» **What is required**:
Give the listing back in full, exactly as written, with the pictures removed.

--------------------------------

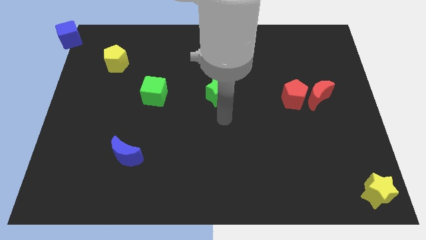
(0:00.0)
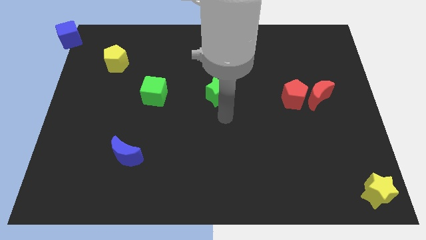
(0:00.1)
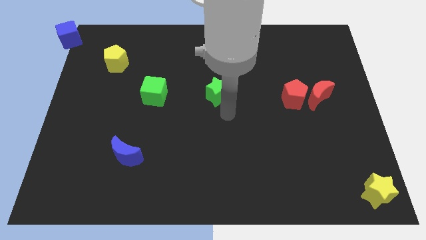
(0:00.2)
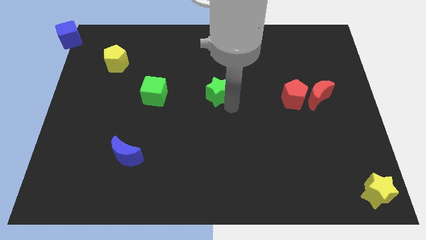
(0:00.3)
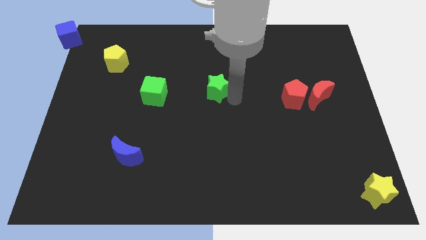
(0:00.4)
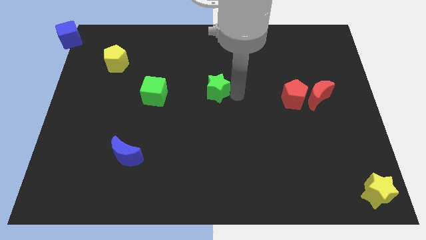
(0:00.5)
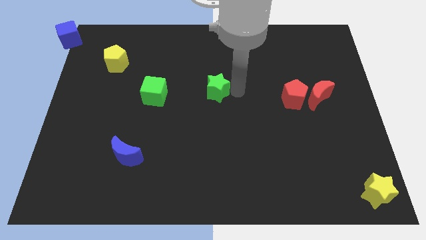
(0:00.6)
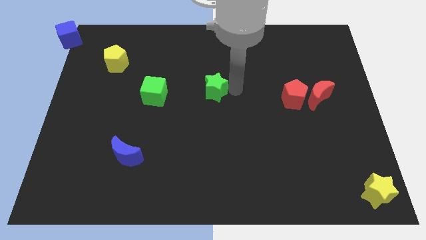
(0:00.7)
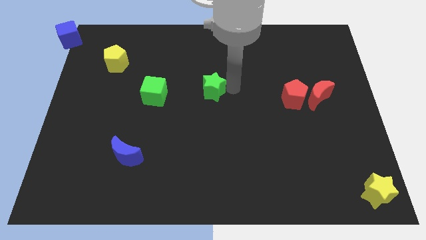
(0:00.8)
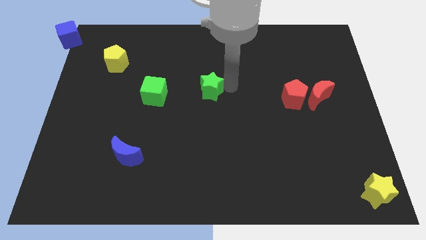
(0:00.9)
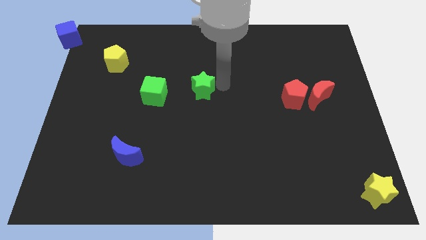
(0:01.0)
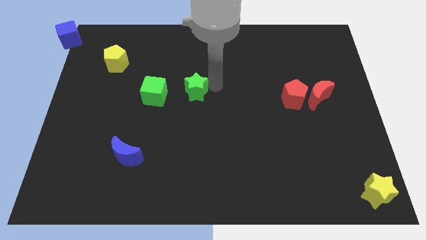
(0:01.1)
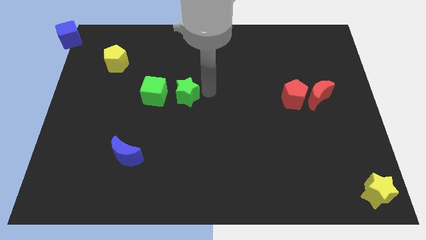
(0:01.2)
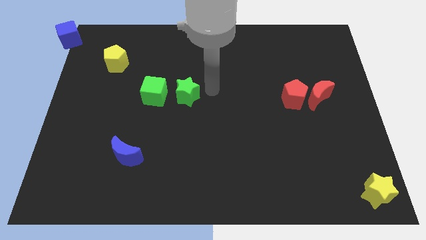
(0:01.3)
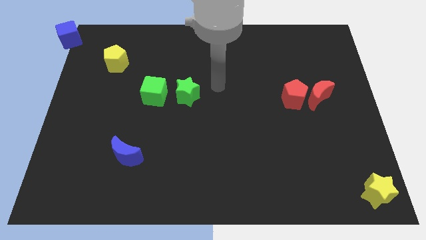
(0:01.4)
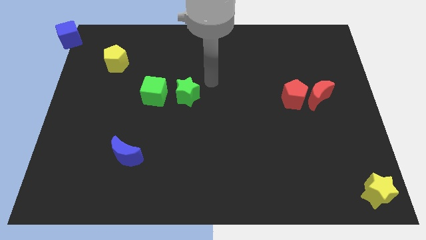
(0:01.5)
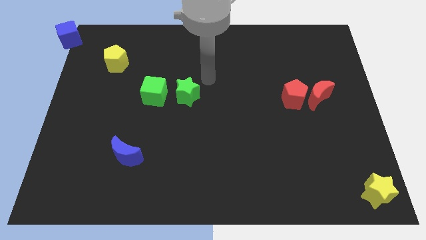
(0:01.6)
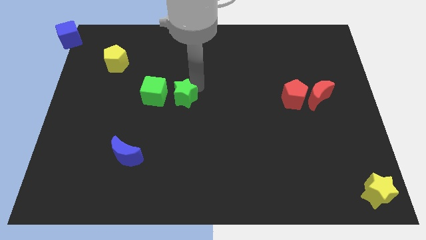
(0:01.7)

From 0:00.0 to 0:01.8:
move the green star to the right of the green cube

--------------------------------

» **Result for this task**:
(0:00.0)
(0:00.1)
(0:00.2)
(0:00.3)
(0:00.4)
(0:00.5)
(0:00.6)
(0:00.7)
(0:00.8)
(0:00.9)
(0:01.0)
(0:01.1)
(0:01.2)
(0:01.3)
(0:01.4)
(0:01.5)
(0:01.6)
(0:01.7)

From 0:00.0 to 0:01.8:
move the green star to the right of the green cube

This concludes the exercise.